If all you do is genetics (especially in just one model organism), you describe but cannot explain. If you do comparative studies without genetics you are at a too high level of organization to make effective comparisons. And you ignore temporal changes at your own peril - an organism is not just its adult mature form (the standard specimen stuffed in the museum downtown), but a whole life cycle, a dynamic entity that changes all the time.

Often, a physiological mechanism is studied as an adaptation to the external environment. We teach how curious creatures manage to survive in depths of the oceans, on high mountains, in deserts, around the Poles, in salty water, or fresh water. Each of these environments presents specific challenges to its inhabitants who evolve often amazing specializations for survival in such conditions. What we tend to forget is that each organism has to be adapted to a whole range of environments. The egg, the larva, the pupa, and the adult live in different environments, have different needs, and have evolved different physiological (and biochemical and behavioral) mechanisms to satisfy those needs. But that is the one and the same organism, just going through different life-stages. It has to have all of those adaptations stored somewhere inside, some expressed at one stage, others at another stage of life, and has to evolve switches that turn these mechanisms on and off at appropriate times. This is studied by Evo-Devo.

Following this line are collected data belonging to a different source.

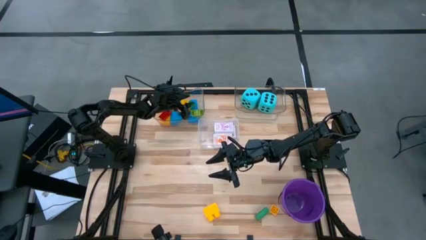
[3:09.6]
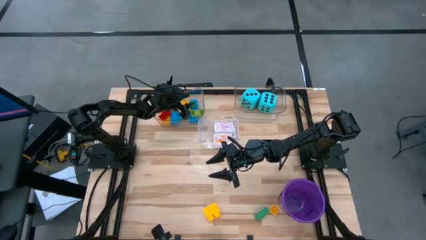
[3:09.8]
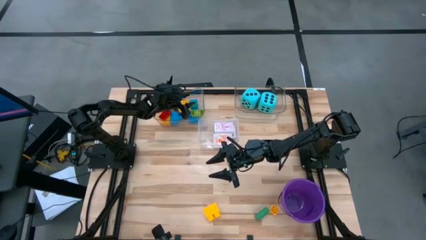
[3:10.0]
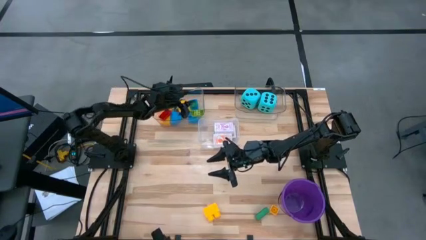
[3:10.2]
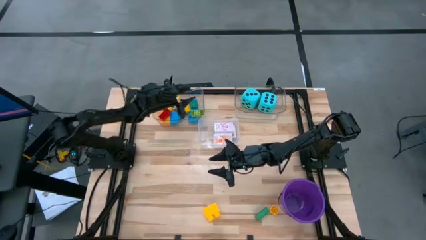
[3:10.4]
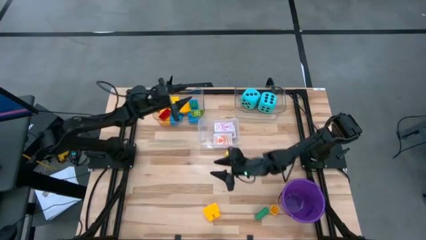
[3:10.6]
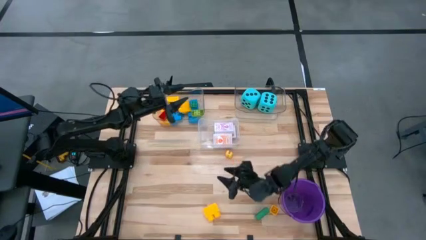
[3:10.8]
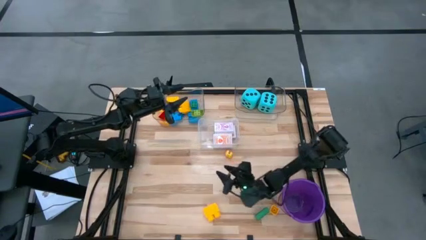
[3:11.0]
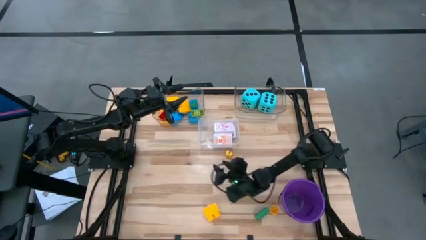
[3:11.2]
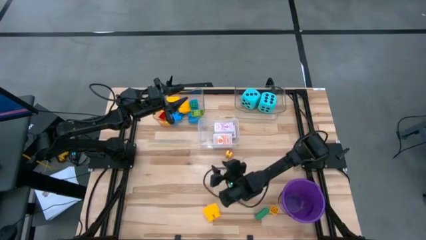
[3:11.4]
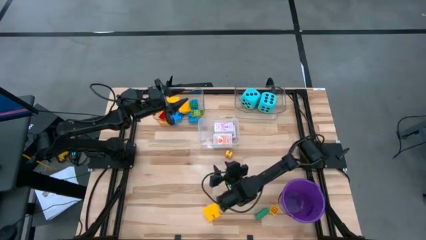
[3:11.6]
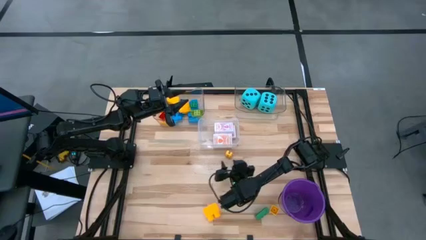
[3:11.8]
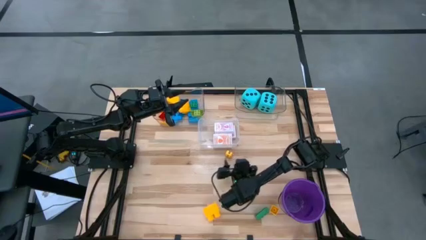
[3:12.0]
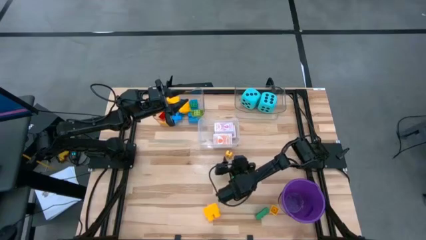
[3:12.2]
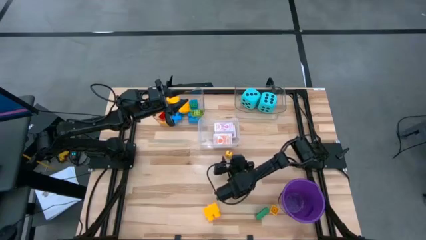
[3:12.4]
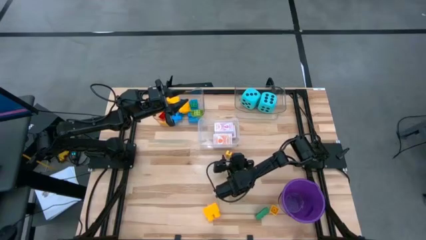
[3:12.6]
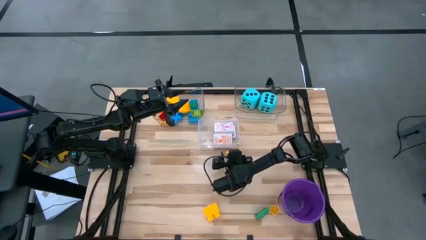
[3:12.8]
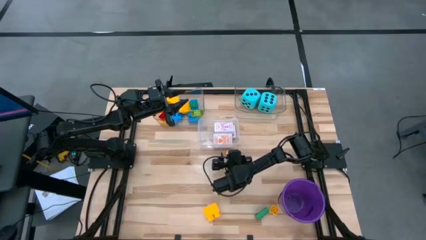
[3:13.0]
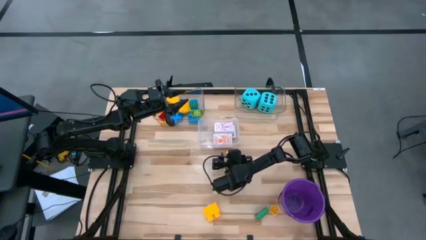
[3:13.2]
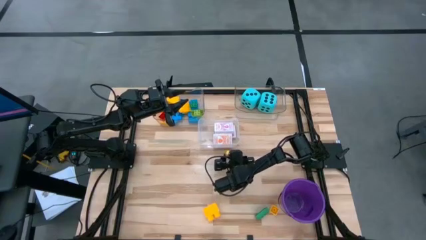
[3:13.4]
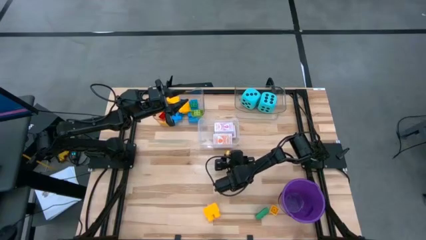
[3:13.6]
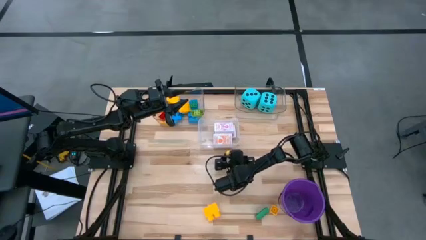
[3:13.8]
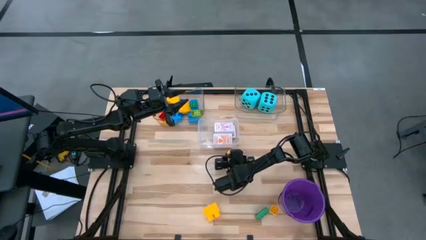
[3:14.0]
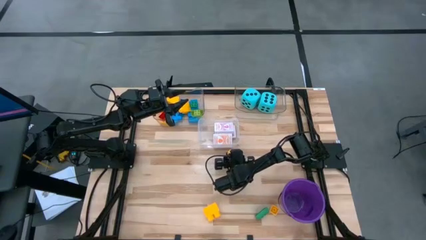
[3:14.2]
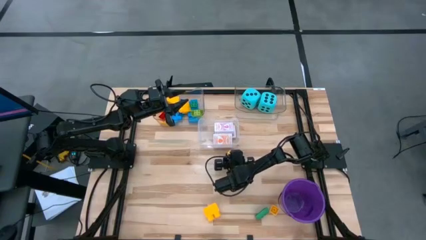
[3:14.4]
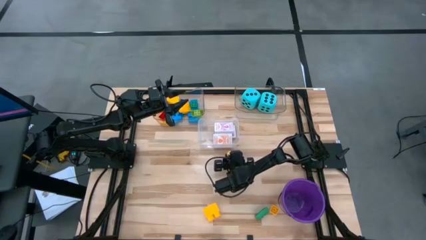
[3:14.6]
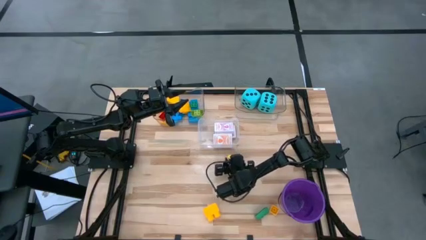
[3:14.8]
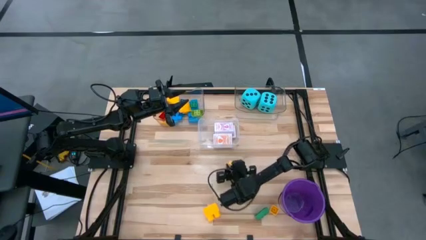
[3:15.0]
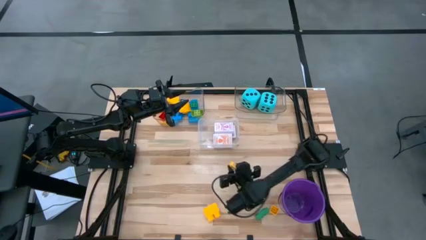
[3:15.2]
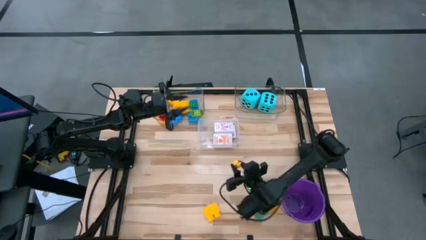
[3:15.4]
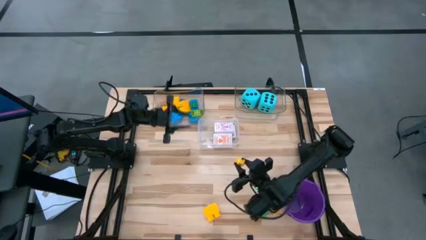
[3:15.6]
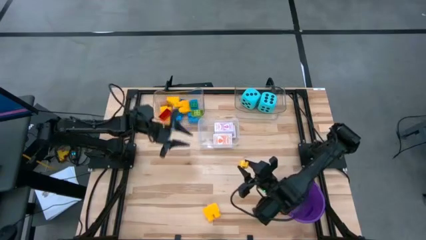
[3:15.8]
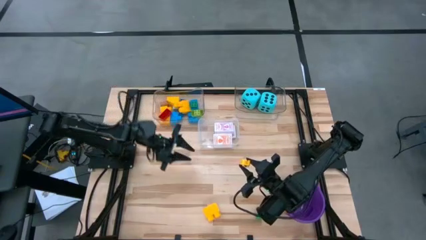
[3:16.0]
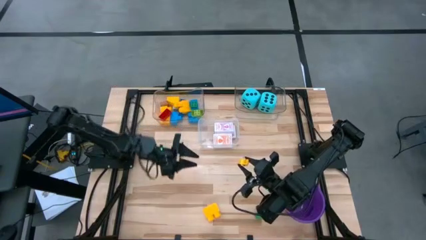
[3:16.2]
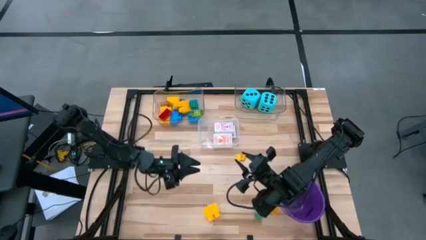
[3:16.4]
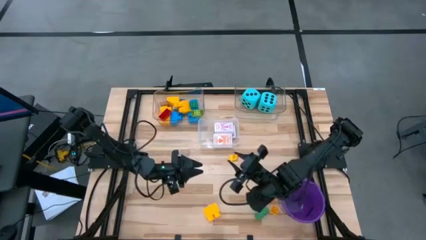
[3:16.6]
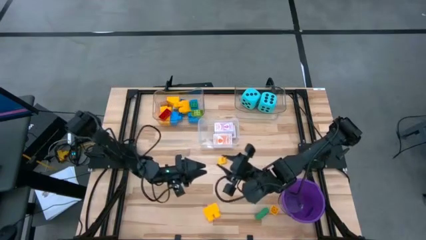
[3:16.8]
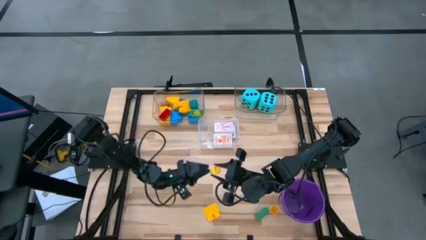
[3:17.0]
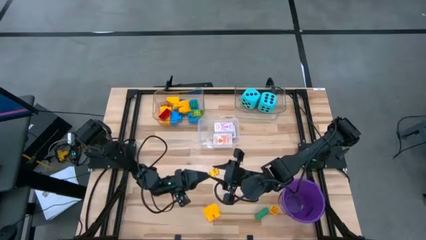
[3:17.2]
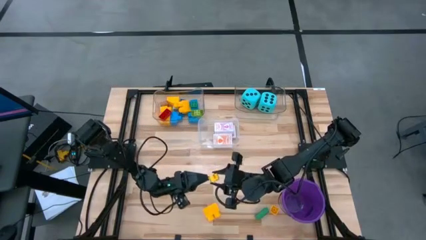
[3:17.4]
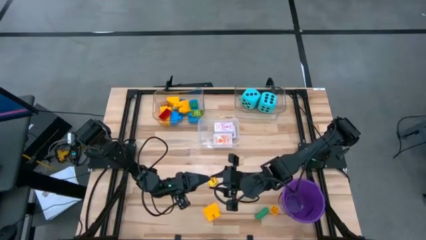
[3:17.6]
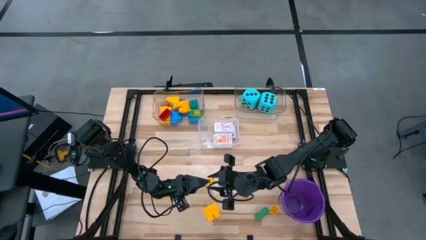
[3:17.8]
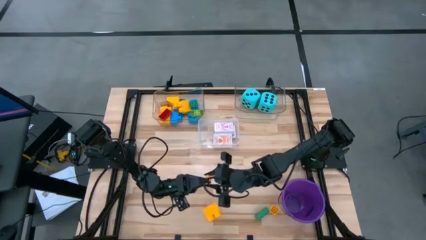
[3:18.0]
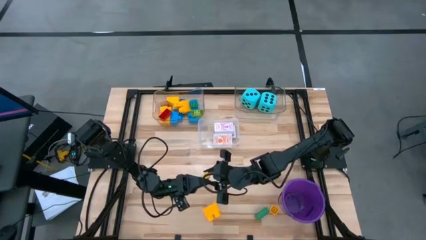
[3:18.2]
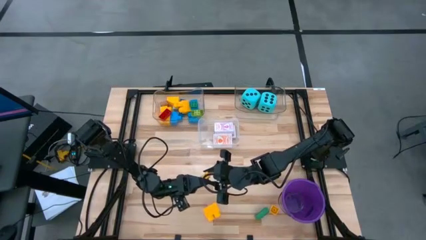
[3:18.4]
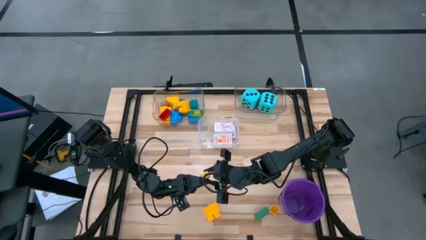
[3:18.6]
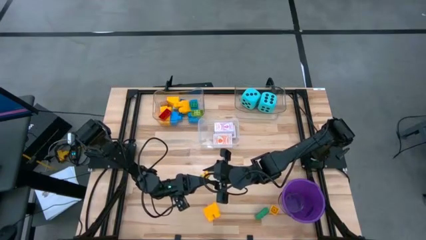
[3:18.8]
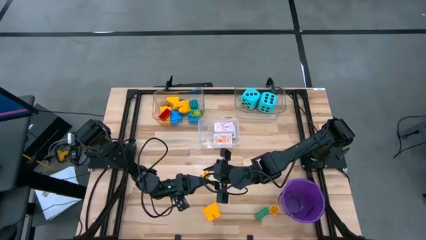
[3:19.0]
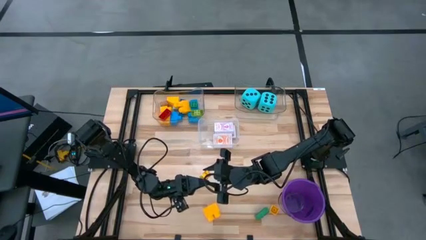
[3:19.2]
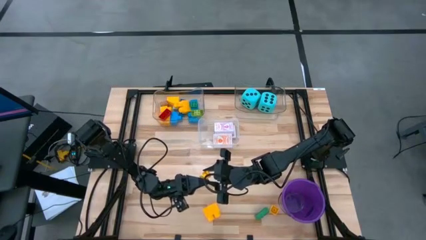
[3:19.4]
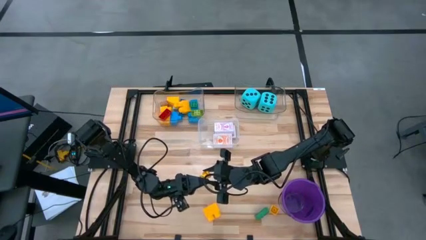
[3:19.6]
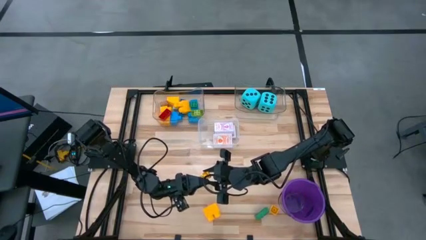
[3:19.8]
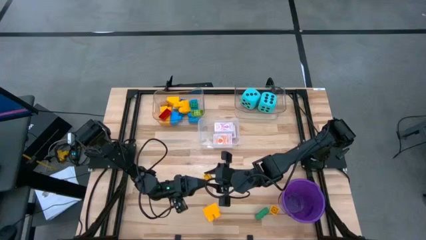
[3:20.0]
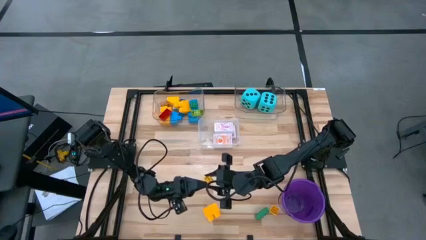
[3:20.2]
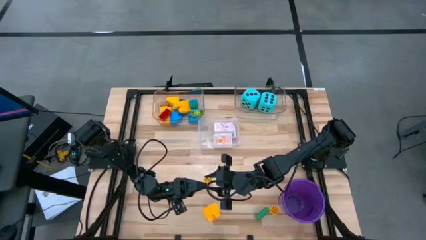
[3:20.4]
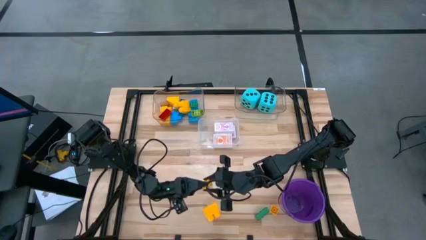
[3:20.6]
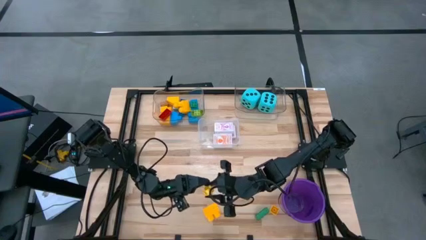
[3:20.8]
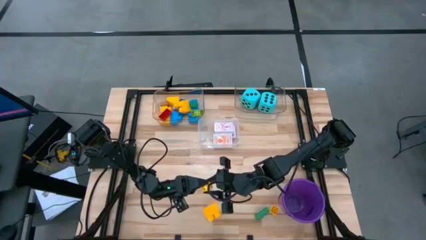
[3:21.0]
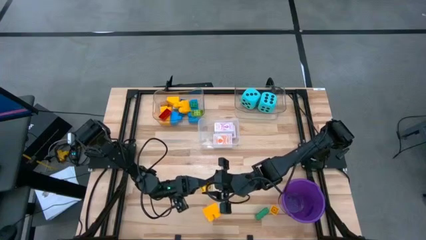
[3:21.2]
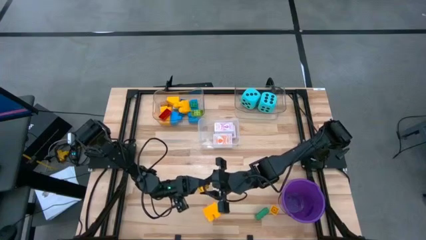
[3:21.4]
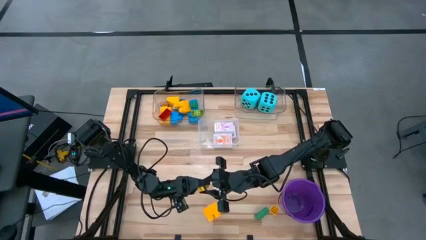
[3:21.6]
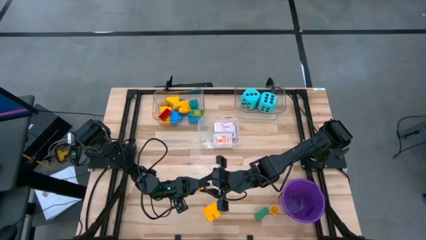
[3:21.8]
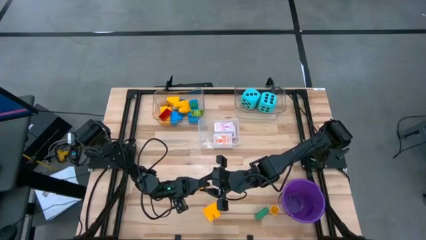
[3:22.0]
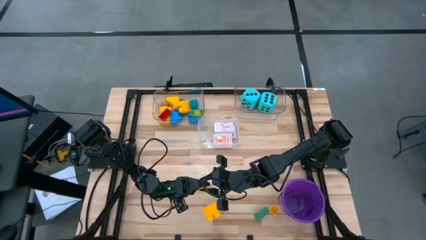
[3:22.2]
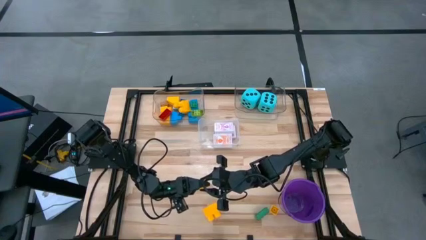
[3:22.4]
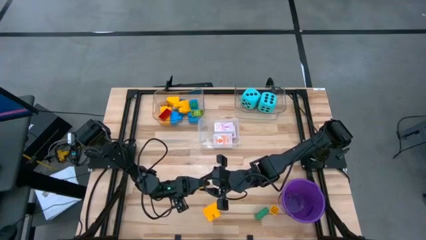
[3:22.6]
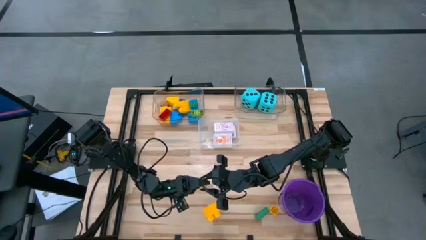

But even within a single life stage, an organism needs to be adapted to more than one environment. A rabbit in a meadow experiences a very different environment during the day, during a dark night, and during a moonlit night. The same meadow is very different in winter from what it was last spring, summer or fall. A migratory bird's or whale's breeding grounds and overwintering grounds are likely to be very different from each other. A crab encounters a different beach during high and low tides. An organism has to have evolved biochemical, physiological and behavioral adaptations to all those disparate environments, as well as switches that turn these adaptations on and off at appropriate times, often very quickly. Because the switches have to act so fast, many of them have evolved to act independently of the environmental triggers. The environmental cycles, like day and night, tides, moon phases and seasons, are very predictable, thus a switch can get started in advance of the environmental change, thus rendering the organism "ready" for the new environment just in time for its appearance. Even if the organism is removed from the cyclical environment, the switches keep going on and off, and the physiological state of the organism keeps oscillating on its own, becoming a timer: a biological clock. The mechanisms of such oscillations, as well as various uses that organisms put their clocks to are studied by Chronobiology.

In the weeks and months to come, I will be writing about Chronobiology in many different ways: fun facts and quotes, anecdotes and gossip, tutorials and editorials, commenting on news and media reports, describing classical experiments, dipping into the history of the field, as well as analysis of brand new research papers. Oh, am I going to have fun doing this!